• [Exercise goal]
All lines from the one holding "Question: Please identify" through the last line of the entries below must be transcribed exactly, and no others. Pictures do not go in.

---------- Raw data ----------

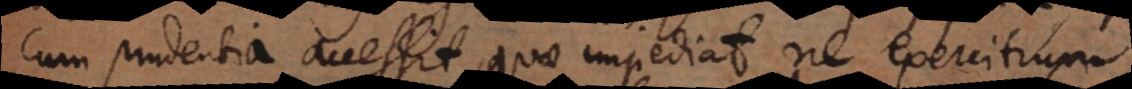
cum prudentia accessit, quae impediat ne exercitium
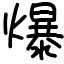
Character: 爆
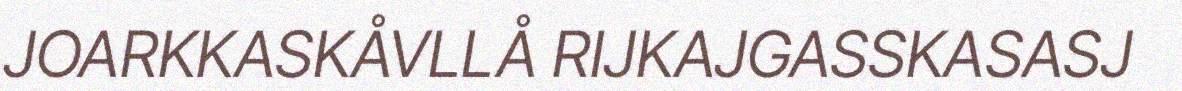
JOARKKASKÅVLLÅ RIJKAJGASSKASASJ
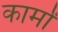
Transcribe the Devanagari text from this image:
कार्मां
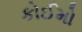
કોઈમો
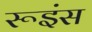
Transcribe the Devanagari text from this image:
रूइंस
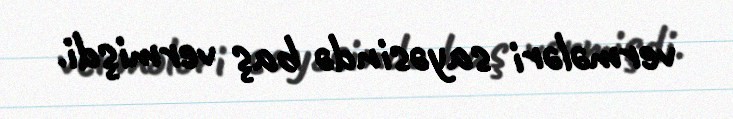
vermələri sayəsində baş vermişdi.
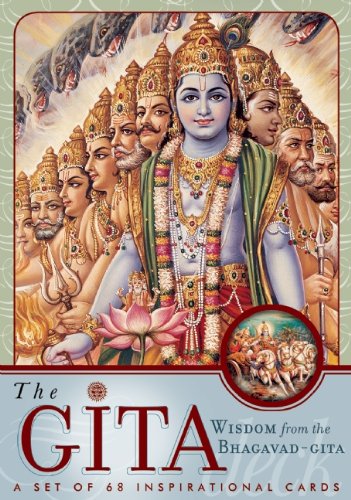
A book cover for The Gita Deck: Wisdom From the Bhagavad Gita; Editors of Mandala Publishing; Religion & Spirituality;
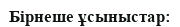
Бірнеше ұсыныстар:
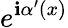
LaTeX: e^{\mathbf{i}\alpha^{\prime}(x)}
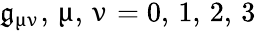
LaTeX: \mathfrak{g}_{\upmu\upnu},\, \upmu,\, \upnu=0,\, 1,\, 2,\, 3
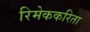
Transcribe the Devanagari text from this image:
रिमेककरिता
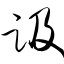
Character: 趿
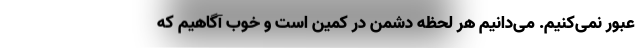
عبور نمی‌کنیم. می‌دانیم هر لحظه دشمن در کمین است و خوب آگاهیم که
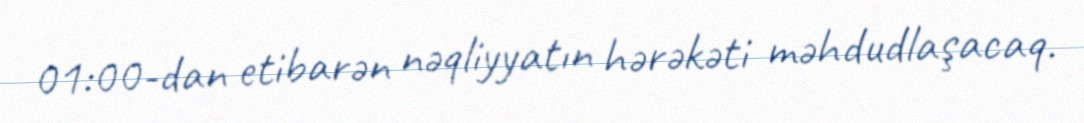
01:00-dan etibarən nəqliyyatın hərəkəti məhdudlaşacaq.
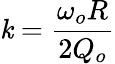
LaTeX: \mathit{k}={\frac{{\omega_{o}R}}{{2Q_{o}}}}
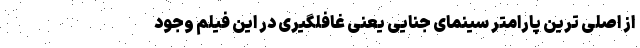
از اصلی ترین پارامتر سینمای جنایی یعنی غافلگیری در این فیلم وجود
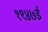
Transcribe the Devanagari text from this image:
१९४७ई
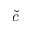
\check { c }
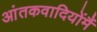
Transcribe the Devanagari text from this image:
आंतकवादियोंमैं
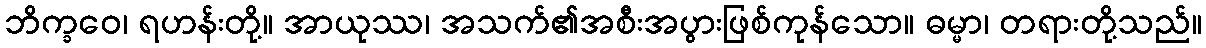
ဘိက္ခဝေ၊ ရဟန်းတို့။ အာယုဿ၊ အသက်၏အစီးအပွားဖြစ်ကုန်သော။ ဓမ္မာ၊ တရားတို့သည်။
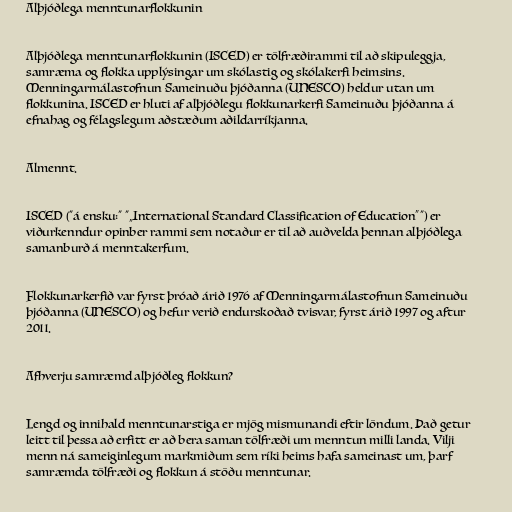
Alþjóðlega menntunarflokkunin

Alþjóðlega menntunarflokkunin (ISCED) er tölfræðirammi til að skipuleggja,
samræma og flokka upplýsingar um skólastig og skólakerfi heimsins.
Menningarmálastofnun Sameinuðu þjóðanna (UNESCO) heldur utan um
flokkunina. ISCED er hluti af alþjóðlegu flokkunarkerfi Sameinuðu þjóðanna á
efnahag og félagslegum aðstæðum aðildarríkjanna.

Almennt.

ISCED ("á ensku:" "„International Standard Classification of Education“") er
viðurkenndur opinber rammi sem notaður er til að auðvelda þennan alþjóðlega
samanburð á menntakerfum.

Flokkunarkerfið var fyrst þróað árið 1976 af Menningarmálastofnun Sameinuðu
þjóðanna (UNESCO) og hefur verið endurskoðað tvisvar, fyrst árið 1997 og aftur
2011.

Afhverju samræmd alþjóðleg flokkun?

Lengd og innihald menntunarstiga er mjög mismunandi eftir löndum. Það getur
leitt til þessa að erfitt er að bera saman tölfræði um menntun milli landa. Vilji
menn ná sameiginlegum markmiðum sem ríki heims hafa sameinast um, þarf
samræmda tölfræði og flokkun á stöðu menntunar.
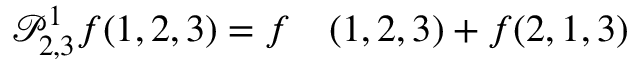
\begin{array} { r l } { \mathcal P _ { 2 , 3 } ^ { 1 } f ( 1 , 2 , 3 ) = f } & { { } ( 1 , 2 , 3 ) + f ( 2 , 1 , 3 ) } \end{array}
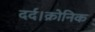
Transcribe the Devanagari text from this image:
दर्द।क्रोनिक
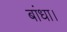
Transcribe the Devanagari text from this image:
बांधा।
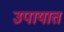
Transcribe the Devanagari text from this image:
उपायात
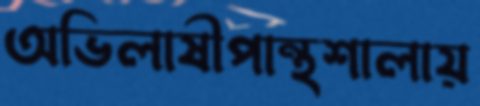
অভিলাষীপান্থশালায়
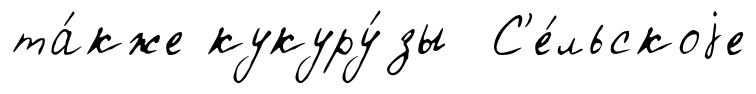
та́кже кукуру́зы С'е́льскоjе
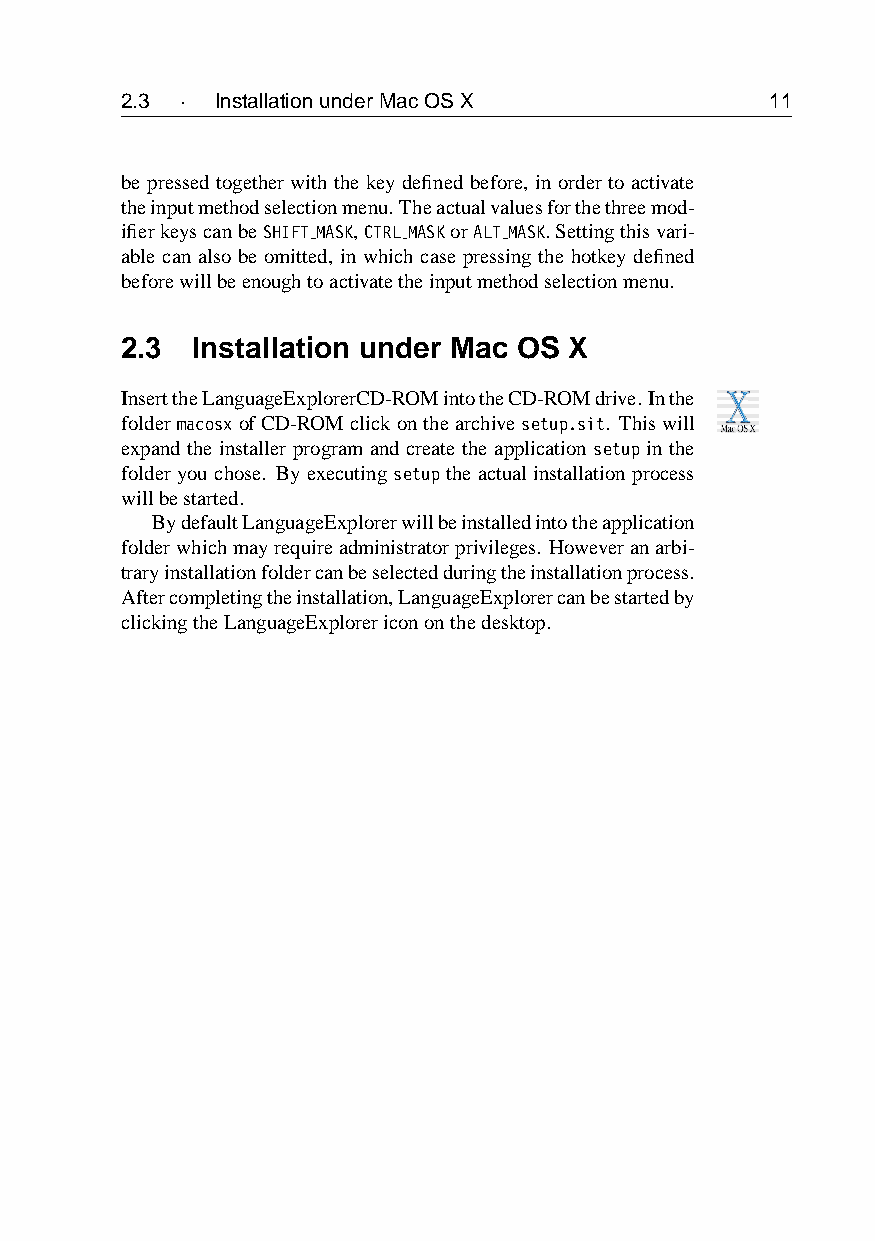
2.3 · InstallationunderMacOSX              11
 be pressed together with the key defined before, in order to activate
 theinputmethodselectionmenu.Theactualvaluesforthethreemod-
 ifierkeyscanbeSHIFT MASK,CTRL MASKorALT MASK.Settingthisvari-
 able can also be omitted, in which case pressing the hotkey defined
 beforewillbeenoughtoactivatetheinputmethodselectionmenu.
 2.3  Installation under Mac OS X
 InserttheLanguageExplorerCD-ROMintotheCD-ROMdrive.Inthe
 foldermacosxofCD-ROMclickonthearchivesetup.sit. Thiswill
 expand the installer program and create the application setup in the
 folderyouchose. Byexecutingsetuptheactualinstallationprocess
 willbestarted.
 BydefaultLanguageExplorerwillbeinstalledintotheapplication
 folderwhichmayrequireadministratorprivileges. Howeveranarbi-
 traryinstallationfoldercanbeselectedduringtheinstallationprocess.
 Aftercompletingtheinstallation,LanguageExplorercanbestartedby
 clickingtheLanguageExplorericononthedesktop.
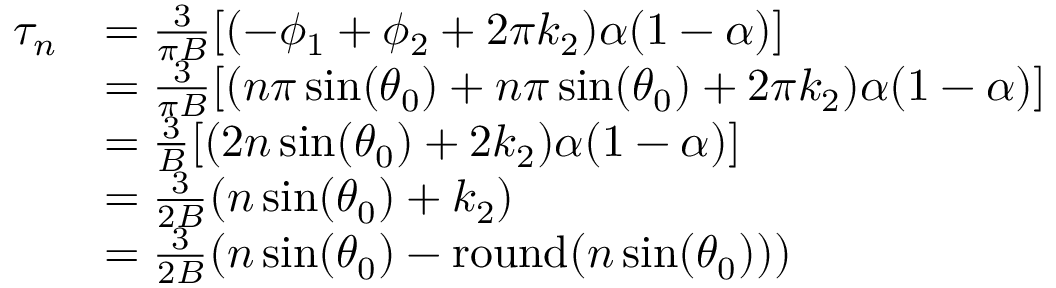
\begin{array} { r l } { \tau _ { n } } & { = \frac { 3 } { \pi B } [ ( - \phi _ { 1 } + \phi _ { 2 } + 2 \pi k _ { 2 } ) \alpha ( 1 - \alpha ) ] } \\ & { = \frac { 3 } { \pi B } [ ( n \pi \sin ( \theta _ { 0 } ) + n \pi \sin ( \theta _ { 0 } ) + 2 \pi k _ { 2 } ) \alpha ( 1 - \alpha ) ] } \\ & { = \frac { 3 } { B } [ ( 2 n \sin ( \theta _ { 0 } ) + 2 k _ { 2 } ) \alpha ( 1 - \alpha ) ] } \\ & { = \frac { 3 } { 2 B } ( n \sin ( \theta _ { 0 } ) + k _ { 2 } ) } \\ & { = \frac { 3 } { 2 B } ( n \sin ( \theta _ { 0 } ) - \mathrm { r o u n d } ( n \sin ( \theta _ { 0 } ) ) ) } \end{array}
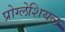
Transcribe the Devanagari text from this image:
प्रोग्लेशियल
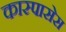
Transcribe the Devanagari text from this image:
कास्पासेस
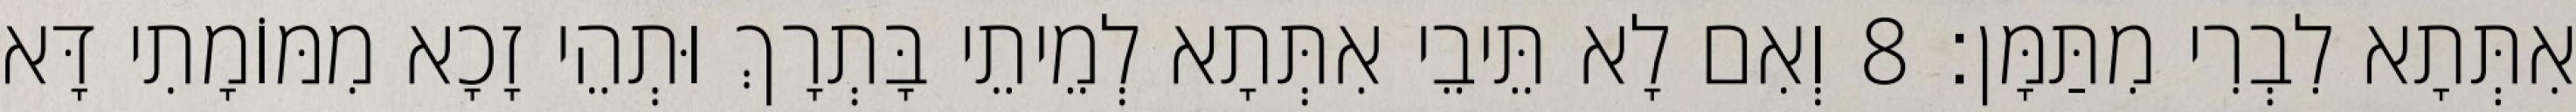
אִתְּתָא לִבְרִי מִתַּמָּן׃ 8 וְאִם לָא תֵּיבֵי אִתְּתָא לְמֵיתֵי בָּתְרָךְ וּתְהֵי זָכָא מִמּוֹמָתִי דָּא
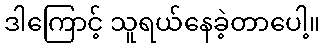
ဒါကြောင့် သူရယ်နေခဲ့တာပေါ့။
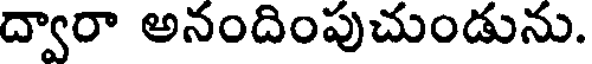
ద్వారా అనందింపుచుండును.
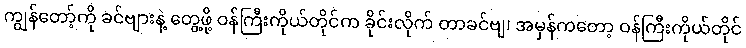
ကျွန်တော့်ကို ခင်ဗျားနဲ့ တွေ့ဖို့ ဝန်ကြီးကိုယ်တိုင်က ခိုင်းလိုက် တာခင်ဗျ၊ အမှန်ကတော့ ဝန်ကြီးကိုယ်တိုင်
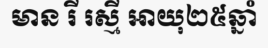
មាន រី រស្មី អាយុ២៥ឆ្នាំ
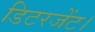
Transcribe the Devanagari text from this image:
डिटरजेंट।
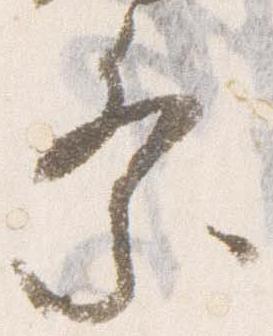
祭
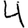
Digit: 4
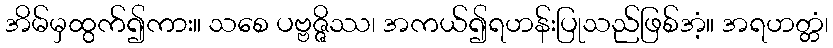
အိမ်မှထွက်၍ကား။ သစေ ပဗ္ဗဇ္ဇိဿ၊ အကယ်၍ရဟန်းပြုသည်ဖြစ်အံ့။ အရဟတ္တံ၊
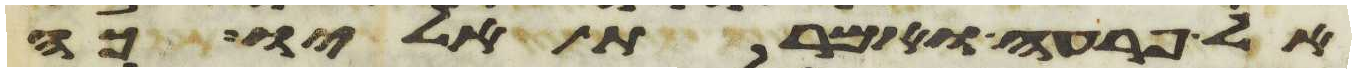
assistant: אל פרעה ואמרת אליו כה
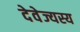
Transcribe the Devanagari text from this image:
देवेज्यस्य
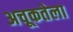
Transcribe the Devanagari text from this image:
अचूकतेला
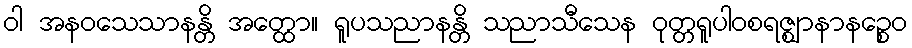
ဝါ အနဝသေသာနန္တိ အတ္ထော။ ရူပသညာနန္တိ သညာသီသေန ဝုတ္တရူပါဝစရဇ္ဈာနာနဉ္စေဝ
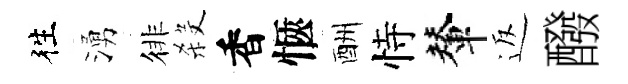
徃湧徘殺香愜酬恃輦返醱
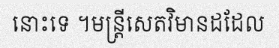
នោះទេ ។មន្ត្រីសេតវិមានដដែល
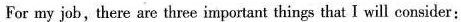
For my job, there are three important things that I will consider:
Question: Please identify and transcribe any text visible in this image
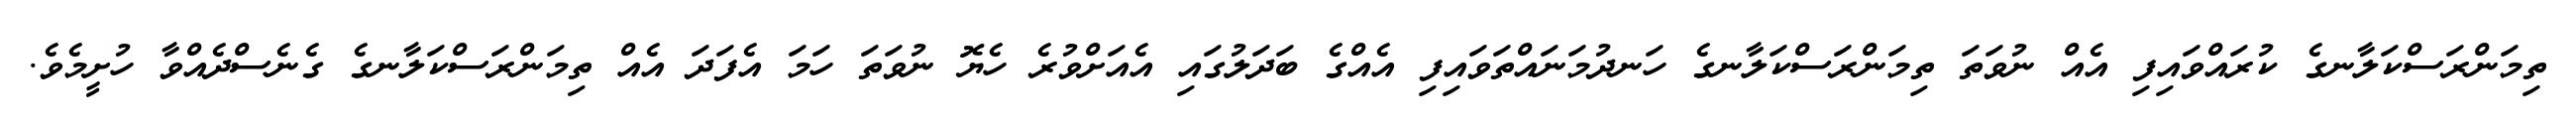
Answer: ތިމަންރަސްކަލާނގެ ކުރައްވައިފި އެއް ނުވަތަ ތިމަންރަސްކަލާނގެ ހަނދުމަނައްތަވައިފި އެއްގެ ބަދަލުގައި އެއަށްވުރެ ހެޔޮ ނުވަތަ ހަމަ އެފަދަ އެއް ތިމަންރަސްކަލާނގެ ގެނެސްދެއްވާ ހުށީމެވެ.
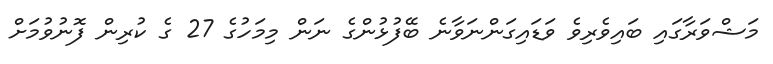
މަޝްވަރާގައި ބައިވެރިވެ ވަޑައިގަންނަވާނެ ބޭފުޅުންގެ ނަން މިމަހުގެ 27 ގެ ކުރިން ފޮނުވުމަށް
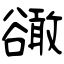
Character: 豃
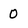
Character: 0
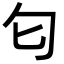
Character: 匂
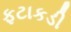
ફટાકડી
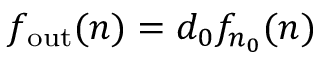
f _ { \mathrm { o u t } } ( n ) = d _ { 0 } f _ { n _ { 0 } } ( n )
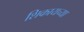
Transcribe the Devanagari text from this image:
शिकायच्या

----------

• [Task solution]
Question: Please identify and transcribe any text visible in this image
Answer: ތިމަންރަސްކަލާނގެ ކުރައްވައިފި އެއް ނުވަތަ ތިމަންރަސްކަލާނގެ ހަނދުމަނައްތަވައިފި އެއްގެ ބަދަލުގައި އެއަށްވުރެ ހެޔޮ ނުވަތަ ހަމަ އެފަދަ އެއް ތިމަންރަސްކަލާނގެ ގެނެސްދެއްވާ ހުށީމެވެ.
މަޝްވަރާގައި ބައިވެރިވެ ވަޑައިގަންނަވާނެ ބޭފުޅުންގެ ނަން މިމަހުގެ 27 ގެ ކުރިން ފޮނުވުމަށް
Character: 豃
Character: 0
Character: 匂
ફટાકડી
f _ { \mathrm { o u t } } ( n ) = d _ { 0 } f _ { n _ { 0 } } ( n )
Transcribe the Devanagari text from this image:
शिकायच्या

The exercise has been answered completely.